- _TASK GOAL_
Lines to return, exactly: from the line with "71.041H83.058C81.325 71.041 79.906" to the line with "89.041H83.058C81.325 89.041 79.906" in the entries below, both included.

• • •

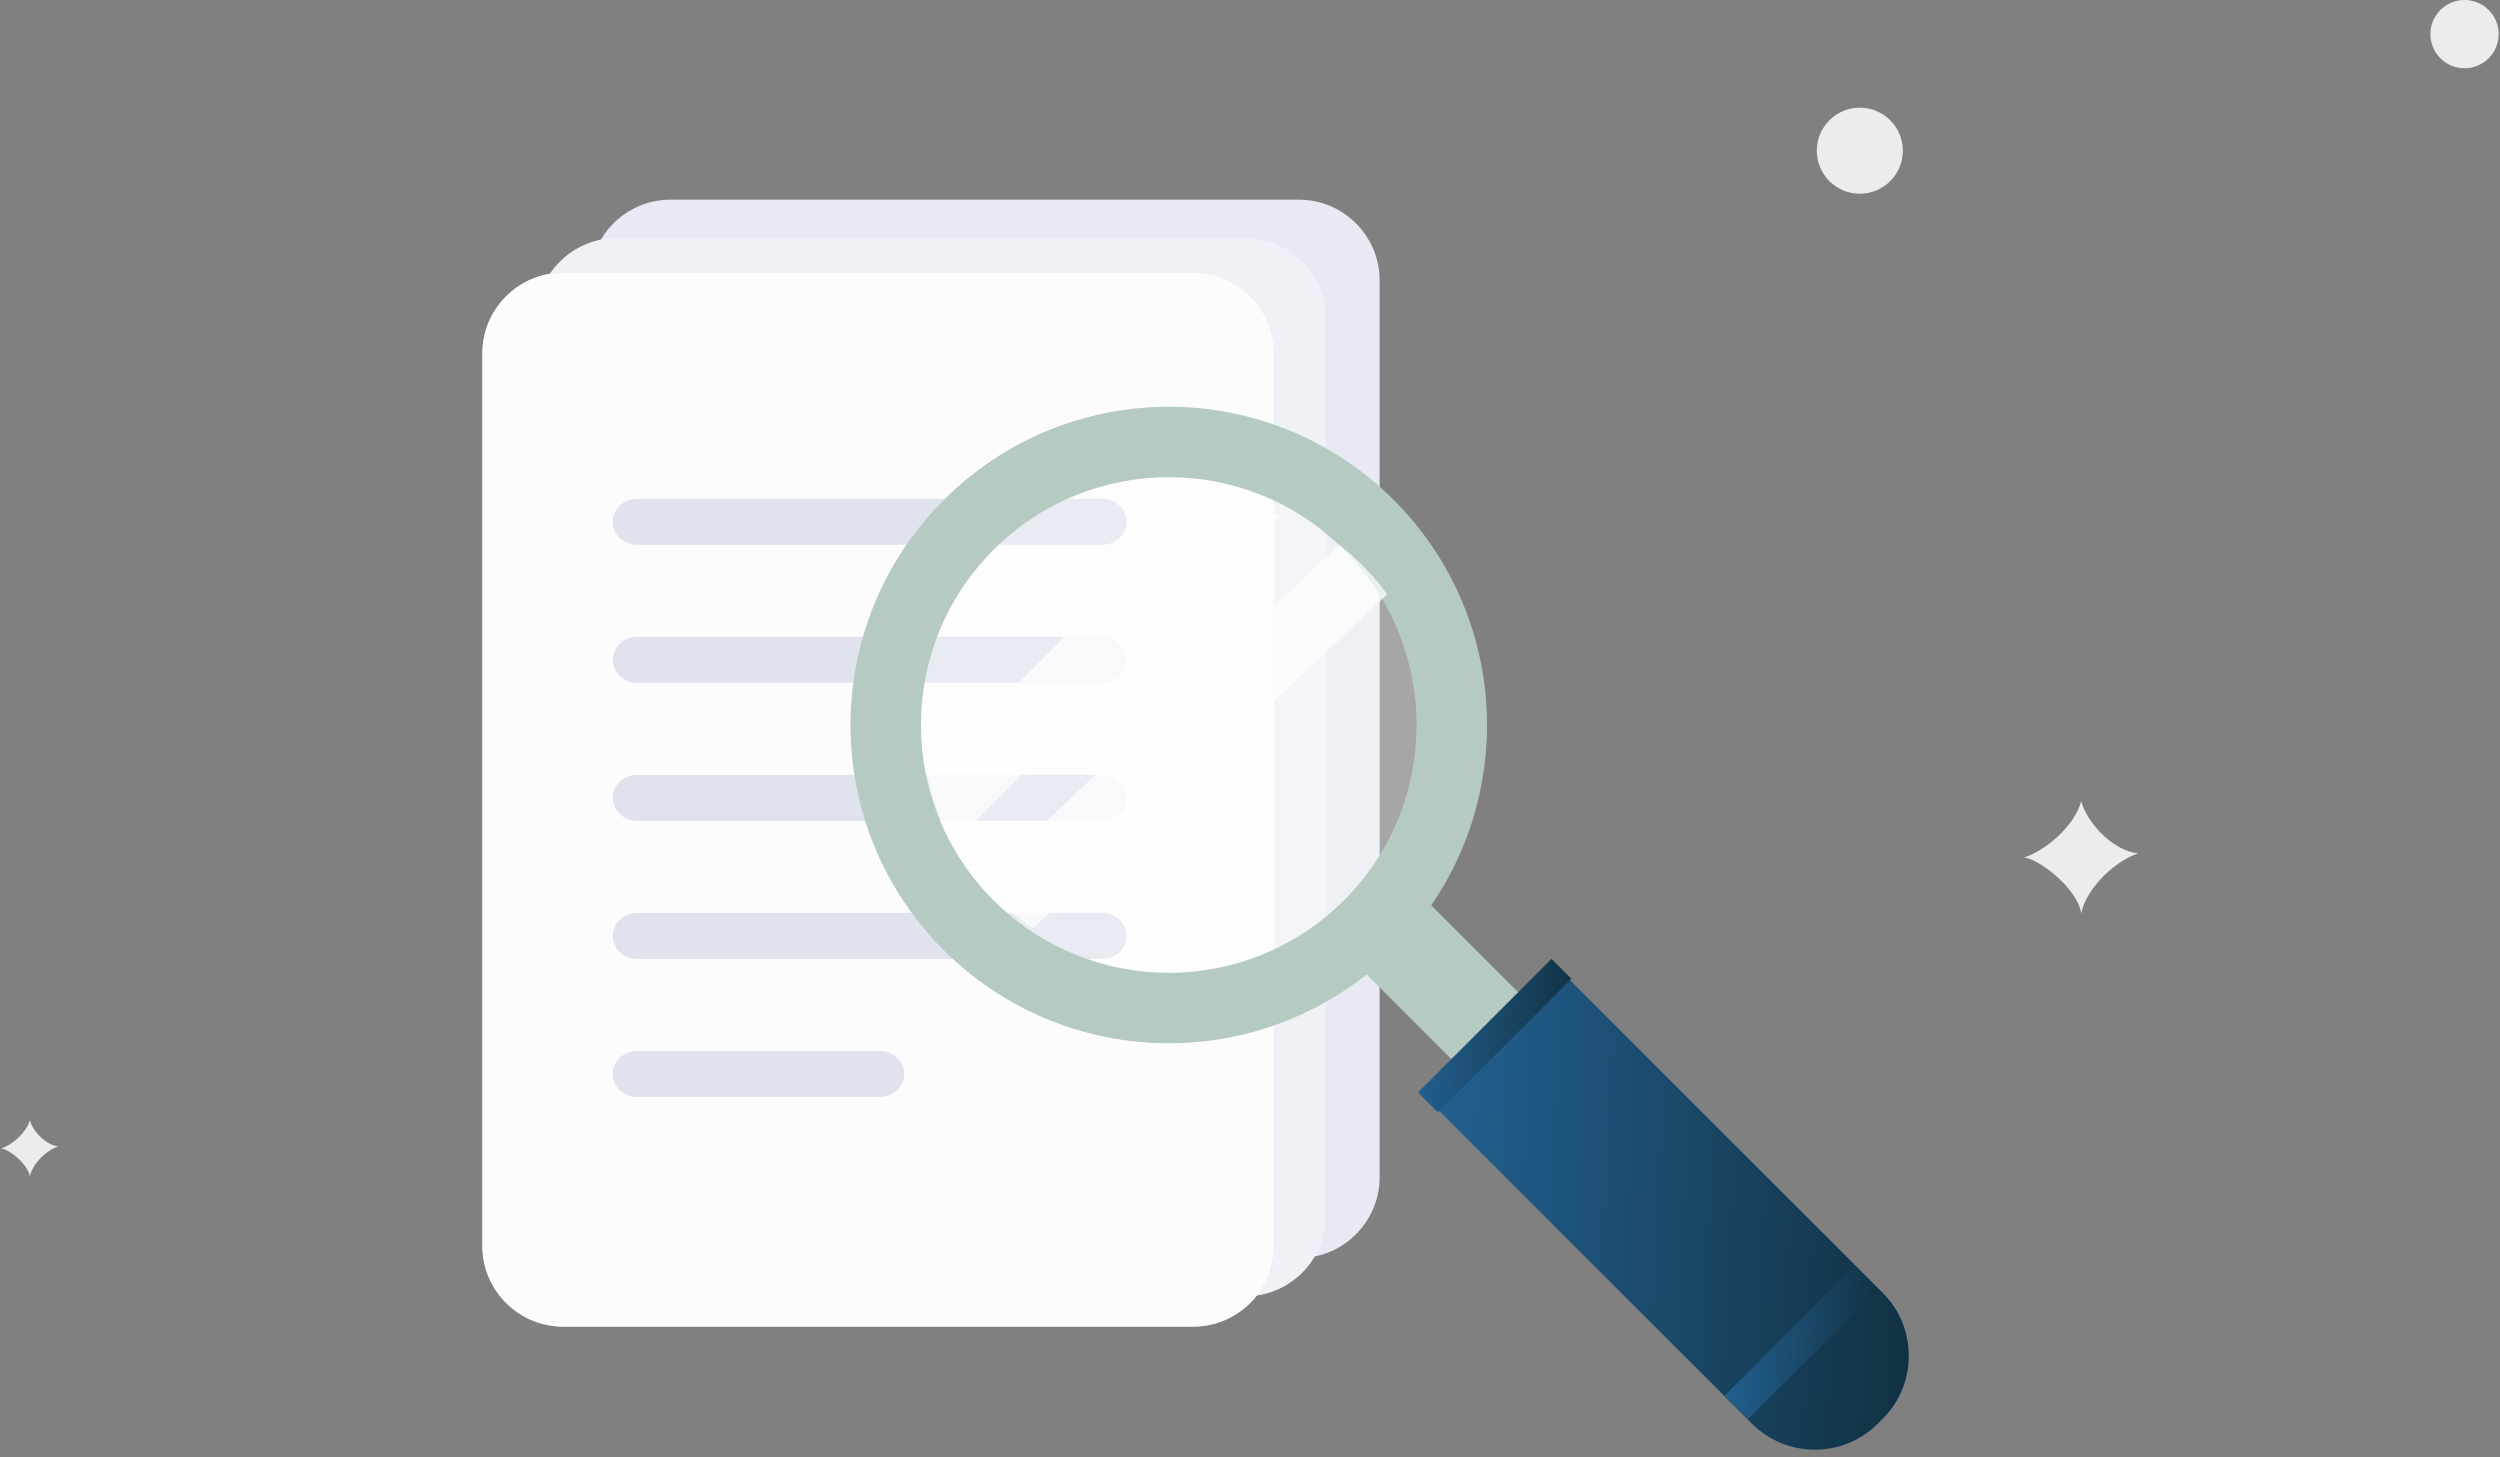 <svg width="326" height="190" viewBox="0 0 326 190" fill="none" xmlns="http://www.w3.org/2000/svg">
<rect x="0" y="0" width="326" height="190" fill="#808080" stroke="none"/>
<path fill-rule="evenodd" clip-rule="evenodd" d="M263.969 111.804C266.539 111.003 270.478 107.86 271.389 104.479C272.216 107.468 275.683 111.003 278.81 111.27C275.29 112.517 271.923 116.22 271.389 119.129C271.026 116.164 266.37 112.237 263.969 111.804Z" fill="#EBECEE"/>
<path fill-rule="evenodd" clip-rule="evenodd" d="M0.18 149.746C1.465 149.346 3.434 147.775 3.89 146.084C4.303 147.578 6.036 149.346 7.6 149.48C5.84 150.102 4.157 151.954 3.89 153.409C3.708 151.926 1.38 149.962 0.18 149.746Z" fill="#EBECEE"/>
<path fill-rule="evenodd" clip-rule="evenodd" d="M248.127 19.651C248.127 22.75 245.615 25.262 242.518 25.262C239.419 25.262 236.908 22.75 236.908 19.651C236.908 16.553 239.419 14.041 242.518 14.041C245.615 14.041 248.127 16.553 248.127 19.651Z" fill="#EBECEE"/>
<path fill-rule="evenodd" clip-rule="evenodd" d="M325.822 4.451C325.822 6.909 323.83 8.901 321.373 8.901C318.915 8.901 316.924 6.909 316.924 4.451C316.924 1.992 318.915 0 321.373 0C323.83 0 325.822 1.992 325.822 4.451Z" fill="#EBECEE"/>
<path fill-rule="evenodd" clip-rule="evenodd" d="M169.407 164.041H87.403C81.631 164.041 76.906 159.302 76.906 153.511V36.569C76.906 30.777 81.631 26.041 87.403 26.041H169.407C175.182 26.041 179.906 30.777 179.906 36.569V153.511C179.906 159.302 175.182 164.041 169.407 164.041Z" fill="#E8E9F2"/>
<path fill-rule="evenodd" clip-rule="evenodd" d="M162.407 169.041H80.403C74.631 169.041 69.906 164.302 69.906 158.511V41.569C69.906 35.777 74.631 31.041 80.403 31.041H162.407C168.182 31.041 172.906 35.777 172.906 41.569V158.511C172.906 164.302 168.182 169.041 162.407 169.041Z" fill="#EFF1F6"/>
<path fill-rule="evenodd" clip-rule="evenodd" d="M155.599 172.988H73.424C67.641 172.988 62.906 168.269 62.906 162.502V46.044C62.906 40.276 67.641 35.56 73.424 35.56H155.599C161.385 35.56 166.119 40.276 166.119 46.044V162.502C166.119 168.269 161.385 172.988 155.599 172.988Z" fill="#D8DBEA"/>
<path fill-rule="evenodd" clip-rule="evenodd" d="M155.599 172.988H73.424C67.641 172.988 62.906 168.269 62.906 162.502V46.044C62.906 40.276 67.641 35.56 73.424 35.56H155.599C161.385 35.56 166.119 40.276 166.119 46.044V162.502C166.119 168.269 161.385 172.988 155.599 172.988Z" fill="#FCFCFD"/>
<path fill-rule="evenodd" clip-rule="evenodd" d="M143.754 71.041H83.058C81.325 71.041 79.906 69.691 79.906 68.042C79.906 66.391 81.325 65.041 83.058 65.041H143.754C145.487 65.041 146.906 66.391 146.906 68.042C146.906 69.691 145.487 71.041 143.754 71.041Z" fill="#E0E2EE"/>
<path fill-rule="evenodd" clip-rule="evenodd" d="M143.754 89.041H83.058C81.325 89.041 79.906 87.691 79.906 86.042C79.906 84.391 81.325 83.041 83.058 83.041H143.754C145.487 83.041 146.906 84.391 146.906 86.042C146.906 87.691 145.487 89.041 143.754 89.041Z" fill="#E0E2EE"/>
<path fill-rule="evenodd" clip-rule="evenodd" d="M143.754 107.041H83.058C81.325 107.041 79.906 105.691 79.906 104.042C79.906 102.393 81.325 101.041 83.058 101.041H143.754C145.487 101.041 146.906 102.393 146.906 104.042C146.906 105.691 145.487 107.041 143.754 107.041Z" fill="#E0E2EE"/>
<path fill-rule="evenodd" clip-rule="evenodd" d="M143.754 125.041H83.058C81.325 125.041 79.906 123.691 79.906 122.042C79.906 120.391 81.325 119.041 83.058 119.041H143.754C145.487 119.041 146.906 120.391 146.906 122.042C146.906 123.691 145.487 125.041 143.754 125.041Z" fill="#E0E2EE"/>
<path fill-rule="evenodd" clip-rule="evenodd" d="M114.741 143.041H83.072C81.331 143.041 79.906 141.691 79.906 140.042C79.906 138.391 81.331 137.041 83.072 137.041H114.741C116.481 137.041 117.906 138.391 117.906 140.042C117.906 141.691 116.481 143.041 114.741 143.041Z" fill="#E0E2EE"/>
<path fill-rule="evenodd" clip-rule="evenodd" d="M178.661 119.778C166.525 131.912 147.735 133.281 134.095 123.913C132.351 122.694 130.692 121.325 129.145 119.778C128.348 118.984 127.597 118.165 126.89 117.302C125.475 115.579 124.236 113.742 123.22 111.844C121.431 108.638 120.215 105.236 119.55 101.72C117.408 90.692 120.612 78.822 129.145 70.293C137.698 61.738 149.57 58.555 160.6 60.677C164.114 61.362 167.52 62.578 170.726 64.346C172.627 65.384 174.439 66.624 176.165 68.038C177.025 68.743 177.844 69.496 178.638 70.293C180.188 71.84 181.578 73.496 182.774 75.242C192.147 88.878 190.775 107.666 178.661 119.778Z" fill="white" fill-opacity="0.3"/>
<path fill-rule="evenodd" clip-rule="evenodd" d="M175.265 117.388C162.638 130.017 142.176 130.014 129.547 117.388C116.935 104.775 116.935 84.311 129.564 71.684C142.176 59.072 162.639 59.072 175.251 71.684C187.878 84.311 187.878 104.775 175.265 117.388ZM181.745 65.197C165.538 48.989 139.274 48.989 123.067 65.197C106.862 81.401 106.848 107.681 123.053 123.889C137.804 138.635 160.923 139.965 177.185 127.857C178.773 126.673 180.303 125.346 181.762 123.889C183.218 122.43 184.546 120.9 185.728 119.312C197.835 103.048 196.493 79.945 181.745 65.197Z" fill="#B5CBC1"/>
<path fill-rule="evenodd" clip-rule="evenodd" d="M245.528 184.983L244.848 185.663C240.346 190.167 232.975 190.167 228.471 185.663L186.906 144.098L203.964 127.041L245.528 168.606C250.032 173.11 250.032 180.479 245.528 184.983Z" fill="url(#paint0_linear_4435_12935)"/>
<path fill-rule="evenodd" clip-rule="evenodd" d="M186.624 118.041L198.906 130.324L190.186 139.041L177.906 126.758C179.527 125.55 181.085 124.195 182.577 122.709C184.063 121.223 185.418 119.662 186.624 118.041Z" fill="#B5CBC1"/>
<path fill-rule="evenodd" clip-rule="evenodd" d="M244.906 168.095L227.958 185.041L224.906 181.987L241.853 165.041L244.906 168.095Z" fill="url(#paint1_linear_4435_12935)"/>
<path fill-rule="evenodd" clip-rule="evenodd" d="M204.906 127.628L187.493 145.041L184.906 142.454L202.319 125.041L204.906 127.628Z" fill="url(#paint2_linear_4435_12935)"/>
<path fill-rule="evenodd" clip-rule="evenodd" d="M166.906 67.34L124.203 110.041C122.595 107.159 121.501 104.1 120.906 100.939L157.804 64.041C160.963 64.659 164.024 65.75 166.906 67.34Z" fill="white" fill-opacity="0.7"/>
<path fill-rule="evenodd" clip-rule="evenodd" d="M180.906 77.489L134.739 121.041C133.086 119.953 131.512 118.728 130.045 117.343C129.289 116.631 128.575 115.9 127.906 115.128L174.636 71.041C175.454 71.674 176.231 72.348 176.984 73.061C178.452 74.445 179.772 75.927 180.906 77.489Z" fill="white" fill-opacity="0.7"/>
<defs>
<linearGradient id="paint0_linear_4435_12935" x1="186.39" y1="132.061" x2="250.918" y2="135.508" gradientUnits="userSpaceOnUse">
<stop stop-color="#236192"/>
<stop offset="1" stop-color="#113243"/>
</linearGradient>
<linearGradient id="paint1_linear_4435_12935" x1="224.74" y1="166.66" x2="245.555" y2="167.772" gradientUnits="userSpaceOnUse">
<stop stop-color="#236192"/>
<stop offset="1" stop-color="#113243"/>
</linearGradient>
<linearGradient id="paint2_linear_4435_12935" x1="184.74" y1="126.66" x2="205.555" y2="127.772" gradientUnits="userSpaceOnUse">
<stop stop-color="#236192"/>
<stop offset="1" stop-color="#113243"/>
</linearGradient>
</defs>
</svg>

• • •

- _TASK RESULT_
<path fill-rule="evenodd" clip-rule="evenodd" d="M143.754 71.041H83.058C81.325 71.041 79.906 69.691 79.906 68.042C79.906 66.391 81.325 65.041 83.058 65.041H143.754C145.487 65.041 146.906 66.391 146.906 68.042C146.906 69.691 145.487 71.041 143.754 71.041Z" fill="#E0E2EE"/>
<path fill-rule="evenodd" clip-rule="evenodd" d="M143.754 89.041H83.058C81.325 89.041 79.906 87.691 79.906 86.042C79.906 84.391 81.325 83.041 83.058 83.041H143.754C145.487 83.041 146.906 84.391 146.906 86.042C146.906 87.691 145.487 89.041 143.754 89.041Z" fill="#E0E2EE"/>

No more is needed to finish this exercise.